I have a 560 coming, if I throw a Lodge reversible stove top griddle on there to make smash burgers I'm going to get basically the same results as if I did use the griddle shroud
?  The griddle's pretty good sized so I could make burgers on it without grease flying off into the 560's abyss and starting a fire.  My So Cal public school education's failing me lol,  but someone who owns the 560/800/1050 told me I could use a griddle without the shroud and still get basically the same results. That doesn't seem right to me.


----------



## BBQ Bird (Mar 23, 2021)

Bigheaded said:


> So maybe I just don't understand how these things work, I thought the heat going straight up will have an effect cooking on a griddle?  To explain
> 
> I have a 560 coming, if I throw a Lodge reversible stove top griddle on there to make smash burgers I'm going to get basically the same results as if I did use the griddle shroud
> ?  The griddle's pretty good sized so I could make burgers on it without grease flying off into the 560's abyss and starting a fire.  My So Cal public school education's failing me lol,  but someone who owns the 560/800/1050 told me I could use a griddle without the shroud and still get basically the same results.
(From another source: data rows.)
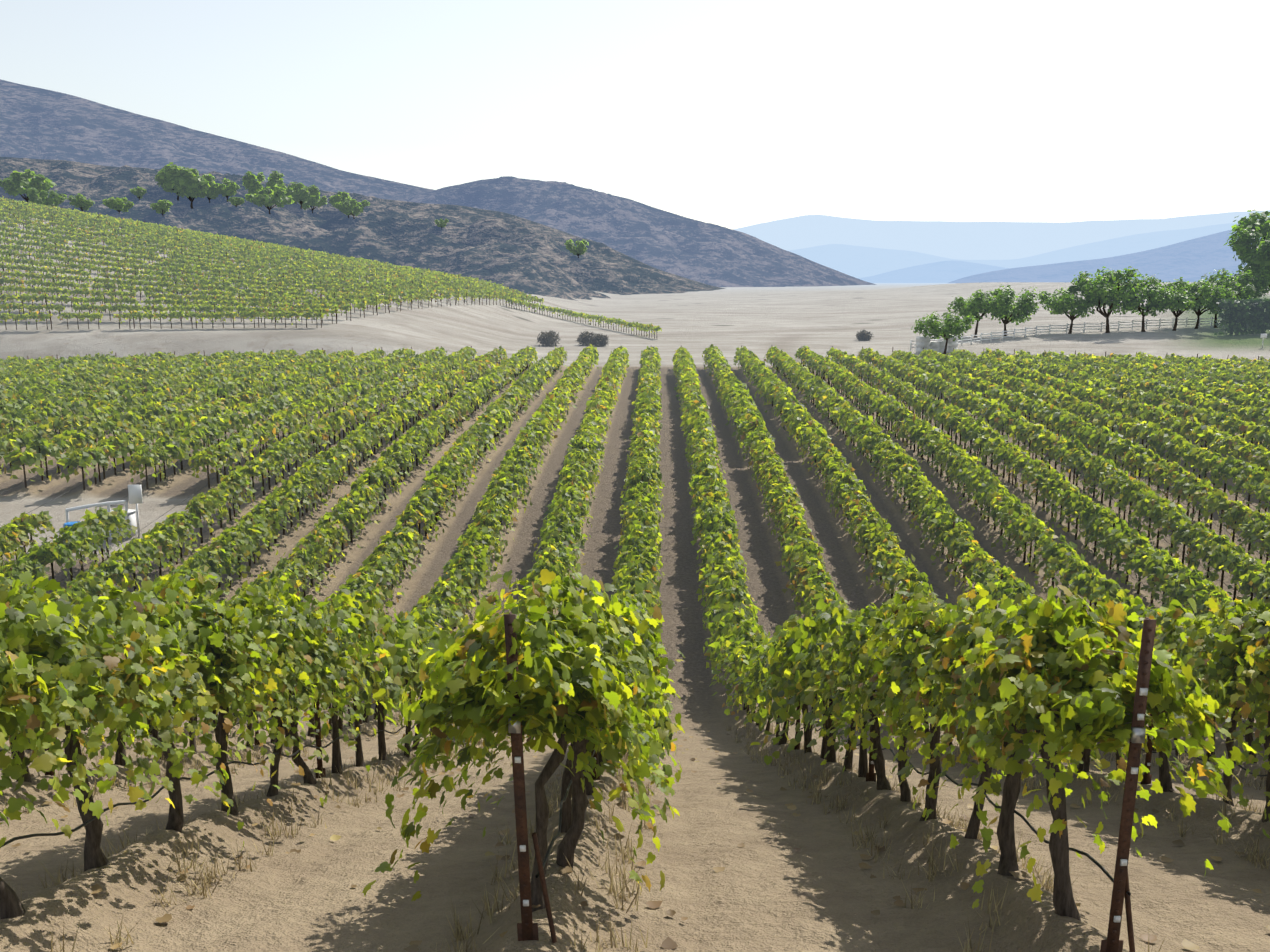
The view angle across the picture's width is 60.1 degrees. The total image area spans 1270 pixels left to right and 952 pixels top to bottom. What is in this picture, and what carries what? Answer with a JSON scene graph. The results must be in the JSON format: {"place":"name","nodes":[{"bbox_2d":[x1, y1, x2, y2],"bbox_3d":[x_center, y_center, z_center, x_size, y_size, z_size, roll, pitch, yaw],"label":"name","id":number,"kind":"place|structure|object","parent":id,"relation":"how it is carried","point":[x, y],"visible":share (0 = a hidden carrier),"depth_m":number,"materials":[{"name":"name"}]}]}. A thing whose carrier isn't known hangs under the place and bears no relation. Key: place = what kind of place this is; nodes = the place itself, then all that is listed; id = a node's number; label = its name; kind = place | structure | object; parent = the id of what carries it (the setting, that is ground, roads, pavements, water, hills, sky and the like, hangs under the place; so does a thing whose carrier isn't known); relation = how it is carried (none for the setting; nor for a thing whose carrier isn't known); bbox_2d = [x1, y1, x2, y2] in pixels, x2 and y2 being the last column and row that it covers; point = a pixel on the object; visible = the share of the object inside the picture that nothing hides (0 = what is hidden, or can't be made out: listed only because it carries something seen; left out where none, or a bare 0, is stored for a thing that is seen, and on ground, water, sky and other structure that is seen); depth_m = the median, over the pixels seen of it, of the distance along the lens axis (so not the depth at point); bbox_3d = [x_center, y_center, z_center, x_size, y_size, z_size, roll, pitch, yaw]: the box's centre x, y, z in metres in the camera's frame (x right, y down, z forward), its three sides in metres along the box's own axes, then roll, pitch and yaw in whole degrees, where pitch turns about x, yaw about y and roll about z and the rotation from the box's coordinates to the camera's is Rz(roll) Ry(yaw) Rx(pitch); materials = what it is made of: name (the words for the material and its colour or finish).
{"place":"outdoors","nodes":[
{"label":"outdoors","id":0,"kind":"place"},
{"bbox_2d":[0,79,433,200],"bbox_3d":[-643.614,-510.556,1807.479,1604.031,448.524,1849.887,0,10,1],"label":"mountain","id":1,"kind":"structure","parent":0,"point":[39,123],"depth_m":2016.02,"materials":[{"name":"grey stone"}]},
{"bbox_2d":[0,157,724,300],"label":"hill","id":2,"kind":"structure","parent":0,"point":[516,253],"depth_m":426.23,"materials":[{"name":"grey stone"}]},
{"bbox_2d":[0,169,56,201],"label":"hill tree","id":3,"kind":"object","parent":2,"relation":"on","point":[15,183],"visible":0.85,"depth_m":384.17,"materials":[{"name":"green plant"}]},
{"bbox_2d":[26,187,66,206],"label":"hill tree","id":4,"kind":"object","parent":2,"relation":"on","point":[42,197],"visible":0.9,"depth_m":374.17,"materials":[{"name":"green plant"}]},
{"bbox_2d":[67,193,94,210],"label":"hill tree","id":5,"kind":"object","parent":2,"relation":"on","point":[83,202],"visible":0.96,"depth_m":349.67,"materials":[{"name":"green plant"}]},
{"bbox_2d":[102,197,133,213],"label":"hill tree","id":6,"kind":"object","parent":2,"relation":"on","point":[118,204],"visible":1,"depth_m":353.27,"materials":[{"name":"green plant"}]},
{"bbox_2d":[130,186,146,199],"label":"hill tree","id":7,"kind":"object","parent":2,"relation":"on","point":[139,192],"visible":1,"depth_m":406.34,"materials":[{"name":"green plant"}]},
{"bbox_2d":[150,199,172,216],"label":"hill tree","id":8,"kind":"object","parent":2,"relation":"on","point":[161,206],"visible":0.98,"depth_m":361.63,"materials":[{"name":"green plant"}]},
{"bbox_2d":[154,162,198,200],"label":"hill tree","id":9,"kind":"object","parent":2,"relation":"on","point":[165,173],"visible":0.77,"depth_m":415.32,"materials":[{"name":"green plant"}]},
{"bbox_2d":[165,167,215,208],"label":"hill tree","id":10,"kind":"object","parent":2,"relation":"on","point":[197,187],"visible":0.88,"depth_m":417.15,"materials":[{"name":"green plant"}]},
{"bbox_2d":[200,184,218,202],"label":"hill tree","id":11,"kind":"object","parent":2,"relation":"on","point":[211,192],"visible":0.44,"depth_m":424.90,"materials":[{"name":"green plant"}]},
{"bbox_2d":[211,178,239,201],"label":"hill tree","id":12,"kind":"object","parent":2,"relation":"on","point":[229,188],"visible":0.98,"depth_m":425.94,"materials":[{"name":"green plant"}]},
{"bbox_2d":[227,197,244,206],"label":"hill tree","id":13,"kind":"object","parent":2,"relation":"on","point":[236,201],"visible":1,"depth_m":393.90,"materials":[{"name":"green plant"}]},
{"bbox_2d":[242,171,286,195],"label":"hill tree","id":14,"kind":"object","parent":2,"relation":"on","point":[251,184],"visible":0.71,"depth_m":437.89,"materials":[{"name":"green plant"}]},
{"bbox_2d":[245,186,294,213],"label":"hill tree","id":15,"kind":"object","parent":2,"relation":"on","point":[266,199],"visible":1,"depth_m":428.83,"materials":[{"name":"green plant"}]},
{"bbox_2d":[285,182,320,208],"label":"hill tree","id":16,"kind":"object","parent":2,"relation":"on","point":[301,193],"visible":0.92,"depth_m":465.28,"materials":[{"name":"green plant"}]},
{"bbox_2d":[299,194,327,212],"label":"hill tree","id":17,"kind":"object","parent":2,"relation":"on","point":[312,201],"visible":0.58,"depth_m":480.94,"materials":[{"name":"green plant"}]},
{"bbox_2d":[328,191,351,206],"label":"hill tree","id":18,"kind":"object","parent":2,"relation":"on","point":[336,198],"visible":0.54,"depth_m":487.95,"materials":[{"name":"green plant"}]},
{"bbox_2d":[335,198,361,217],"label":"hill tree","id":19,"kind":"object","parent":2,"relation":"on","point":[337,204],"visible":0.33,"depth_m":478.47,"materials":[{"name":"green plant"}]},
{"bbox_2d":[339,200,369,218],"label":"hill tree","id":20,"kind":"object","parent":2,"relation":"on","point":[345,206],"visible":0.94,"depth_m":476.76,"materials":[{"name":"green plant"}]},
{"bbox_2d":[434,218,448,227],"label":"hill tree","id":21,"kind":"object","parent":2,"relation":"on","point":[441,223],"visible":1,"depth_m":484.05,"materials":[{"name":"green plant"}]},
{"bbox_2d":[564,239,588,257],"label":"hill tree","id":22,"kind":"object","parent":2,"relation":"on","point":[580,248],"visible":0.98,"depth_m":446.11,"materials":[{"name":"green plant"}]},
{"bbox_2d":[0,592,1267,791],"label":"vines","id":23,"kind":"object","parent":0,"point":[766,671],"depth_m":13.68,"materials":[{"name":"green plant"}]},
{"bbox_2d":[0,208,1269,951],"bbox_3d":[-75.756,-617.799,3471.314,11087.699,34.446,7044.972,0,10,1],"label":"terrain","id":24,"kind":"structure","parent":0,"point":[768,888],"depth_m":13.19,"materials":[{"name":"soil"}]},
{"bbox_2d":[62,485,142,539],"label":"pump station pipes","id":25,"kind":"object","parent":24,"relation":"on","point":[135,494],"visible":0.35,"depth_m":46.33,"materials":[{"name":"white metal"}]},
{"bbox_2d":[0,199,537,329],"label":"vineyard posts","id":26,"kind":"object","parent":24,"relation":"on","point":[238,278],"visible":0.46,"depth_m":156.59,"materials":[{"name":"metal"}]},
{"bbox_2d":[0,196,543,329],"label":"hillside vineyard","id":27,"kind":"object","parent":24,"relation":"on","point":[264,254],"depth_m":160.11,"materials":[{"name":"green plant"}]},
{"bbox_2d":[503,295,661,338],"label":"vine row","id":28,"kind":"object","parent":24,"relation":"on","point":[641,326],"depth_m":193.01,"materials":[{"name":"green plant"}]},
{"bbox_2d":[0,424,1269,719],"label":"vines","id":29,"kind":"object","parent":24,"relation":"on","point":[730,608],"depth_m":42.54,"materials":[{"name":"green plant"}]},
{"bbox_2d":[0,568,1269,920],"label":"vines","id":30,"kind":"object","parent":24,"relation":"on","point":[590,664],"depth_m":6.47,"materials":[{"name":"green plant"}]},
{"bbox_2d":[0,344,1269,489],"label":"vines","id":31,"kind":"object","parent":24,"relation":"on","point":[32,389],"depth_m":71.22,"materials":[{"name":"green plant"}]},
{"bbox_2d":[1,709,1269,951],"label":"fallen leaves","id":32,"kind":"object","parent":24,"relation":"on","point":[817,797],"visible":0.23,"depth_m":9.19,"materials":[{"name":"plant"}]},
{"bbox_2d":[1,345,1269,951],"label":"trellis posts","id":33,"kind":"object","parent":24,"relation":"on","point":[527,927],"visible":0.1,"depth_m":5.64,"materials":[{"name":"metal"}]},
{"bbox_2d":[0,446,1266,895],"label":"drip irrigation hose","id":34,"kind":"object","parent":33,"relation":"attached to","point":[1100,866],"visible":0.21,"depth_m":9.09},
{"bbox_2d":[256,680,1152,921],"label":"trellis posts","id":35,"kind":"object","parent":33,"relation":"attached to","point":[1134,770],"visible":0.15,"depth_m":5.55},
{"bbox_2d":[288,437,1132,714],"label":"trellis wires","id":36,"kind":"object","parent":33,"relation":"attached to","point":[891,552],"visible":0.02,"depth_m":5.65,"materials":[{"name":"grey metal"}]},
{"bbox_2d":[18,624,1269,719],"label":"grape clusters","id":37,"kind":"object","parent":36,"relation":"attached to","point":[207,684],"visible":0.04,"depth_m":8.09,"materials":[{"name":"green plant"}]},
{"bbox_2d":[508,718,1145,742],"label":"trellis wire tags","id":38,"kind":"object","parent":33,"relation":"attached to","point":[1137,734],"visible":0.93,"depth_m":5.37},
{"bbox_2d":[12,727,1269,951],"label":"dry grass tufts","id":39,"kind":"object","parent":24,"relation":"on","point":[666,943],"visible":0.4,"depth_m":8.86,"materials":[{"name":"plant"}]},
{"bbox_2d":[536,330,873,346],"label":"dry shrubs","id":40,"kind":"object","parent":24,"relation":"on","point":[587,338],"visible":0.96,"depth_m":142.10,"materials":[{"name":"grey plant"}]},
{"bbox_2d":[915,335,957,353],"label":"harvest bin stack","id":41,"kind":"object","parent":24,"relation":"on","point":[927,343],"visible":0.69,"depth_m":130.50,"materials":[{"name":"plastic"}]},
{"bbox_2d":[911,311,976,353],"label":"tree","id":42,"kind":"object","parent":24,"relation":"on","point":[951,327],"visible":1,"depth_m":127.31,"materials":[{"name":"green plant"}]},
{"bbox_2d":[946,288,1015,337],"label":"tree","id":43,"kind":"object","parent":24,"relation":"on","point":[967,307],"visible":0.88,"depth_m":149.85,"materials":[{"name":"green plant"}]},
{"bbox_2d":[970,284,1043,335],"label":"tree","id":44,"kind":"object","parent":24,"relation":"on","point":[1023,304],"visible":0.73,"depth_m":150.04,"materials":[{"name":"green plant"}]},
{"bbox_2d":[910,317,1223,350],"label":"fence","id":45,"kind":"object","parent":24,"relation":"on","point":[1101,323],"visible":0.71,"depth_m":152.68,"materials":[{"name":"paint"}]},
{"bbox_2d":[1037,283,1107,333],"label":"tree","id":46,"kind":"object","parent":24,"relation":"on","point":[1067,300],"visible":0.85,"depth_m":150.51,"materials":[{"name":"green plant"}]},
{"bbox_2d":[1071,266,1150,332],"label":"tree","id":47,"kind":"object","parent":24,"relation":"on","point":[1099,285],"visible":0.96,"depth_m":148.58,"materials":[{"name":"green plant"}]},
{"bbox_2d":[1110,276,1180,331],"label":"tree","id":48,"kind":"object","parent":24,"relation":"on","point":[1159,300],"visible":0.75,"depth_m":148.39,"materials":[{"name":"green plant"}]},
{"bbox_2d":[1137,274,1225,330],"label":"tree","id":49,"kind":"object","parent":24,"relation":"on","point":[1204,292],"visible":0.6,"depth_m":148.88,"materials":[{"name":"green plant"}]},
{"bbox_2d":[1171,278,1237,328],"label":"tree","id":50,"kind":"object","parent":24,"relation":"on","point":[1213,308],"visible":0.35,"depth_m":152.47,"materials":[{"name":"green plant"}]},
{"bbox_2d":[1192,273,1255,327],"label":"tree","id":51,"kind":"object","parent":24,"relation":"on","point":[1248,290],"visible":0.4,"depth_m":153.56,"materials":[{"name":"green plant"}]},
{"bbox_2d":[1198,266,1269,299],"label":"tree","id":52,"kind":"object","parent":24,"relation":"on","point":[1258,280],"visible":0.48,"depth_m":158.92,"materials":[{"name":"green plant"}]},
{"bbox_2d":[1214,297,1269,335],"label":"hedge","id":53,"kind":"object","parent":24,"relation":"on","point":[1236,315],"visible":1,"depth_m":145.70,"materials":[{"name":"green plant"}]},
{"bbox_2d":[1223,209,1269,286],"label":"tree","id":54,"kind":"object","parent":24,"relation":"on","point":[1249,247],"visible":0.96,"depth_m":164.21,"materials":[{"name":"green plant"}]},
{"bbox_2d":[1260,334,1266,347],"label":"sign","id":55,"kind":"object","parent":24,"relation":"on","point":[1263,336],"visible":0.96,"depth_m":134.73,"materials":[{"name":"white paint"}]},
{"bbox_2d":[0,0,1269,228],"label":"sky","id":56,"kind":"structure","parent":0,"point":[730,114],"materials":[{"name":"white"}]},
{"bbox_2d":[407,176,876,286],"bbox_3d":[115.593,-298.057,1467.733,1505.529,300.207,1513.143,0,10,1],"label":"mountain","id":57,"kind":"structure","parent":0,"point":[711,254],"depth_m":1430.39,"materials":[{"name":"grey stone"}]},
{"bbox_2d":[858,260,1009,282],"bbox_3d":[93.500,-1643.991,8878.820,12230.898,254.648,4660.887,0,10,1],"label":"mountain range","id":58,"kind":"structure","parent":0,"point":[944,271],"depth_m":9360.69,"materials":[{"name":"blue stone"}]},
{"bbox_2d":[733,210,1269,259],"bbox_3d":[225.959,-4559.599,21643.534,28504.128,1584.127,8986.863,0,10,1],"label":"mountain range","id":59,"kind":"structure","parent":0,"point":[984,240],"depth_m":23188.33,"materials":[{"name":"blue stone"}]},
{"bbox_2d":[789,223,1237,277],"bbox_3d":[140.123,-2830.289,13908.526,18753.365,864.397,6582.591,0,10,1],"label":"mountain range","id":60,"kind":"structure","parent":0,"point":[857,261],"depth_m":14890.24,"materials":[{"name":"blue stone"}]},
{"bbox_2d":[949,230,1261,282],"bbox_3d":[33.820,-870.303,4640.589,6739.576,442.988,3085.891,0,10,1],"label":"mountain range","id":61,"kind":"structure","parent":0,"point":[1193,260],"depth_m":4674.65,"materials":[{"name":"blue stone"}]}
]}

That doesn't seem right to me.


I think there's two different manifold mods for the 560.  One is a cover that sits on top of the manifold has raised edges along the front and back.  This is the one that is meant to guide grease away from the openings in the manifold to prevent fires.  I think you can now get it with supports attached so you can have a water pan right under the cooking grates.

The other mod is a shroud that sits around the manifold and will direct the heat straight up to heat a griddle placed on the grill grates.  This is supposed to function similar to the griddle shroud that comes with the 800.  Don't know if both mods can be installed at the same time.

I don't have any less mods (yet), so I can't vouch for them.


----------



## Bigheaded (Mar 23, 2021)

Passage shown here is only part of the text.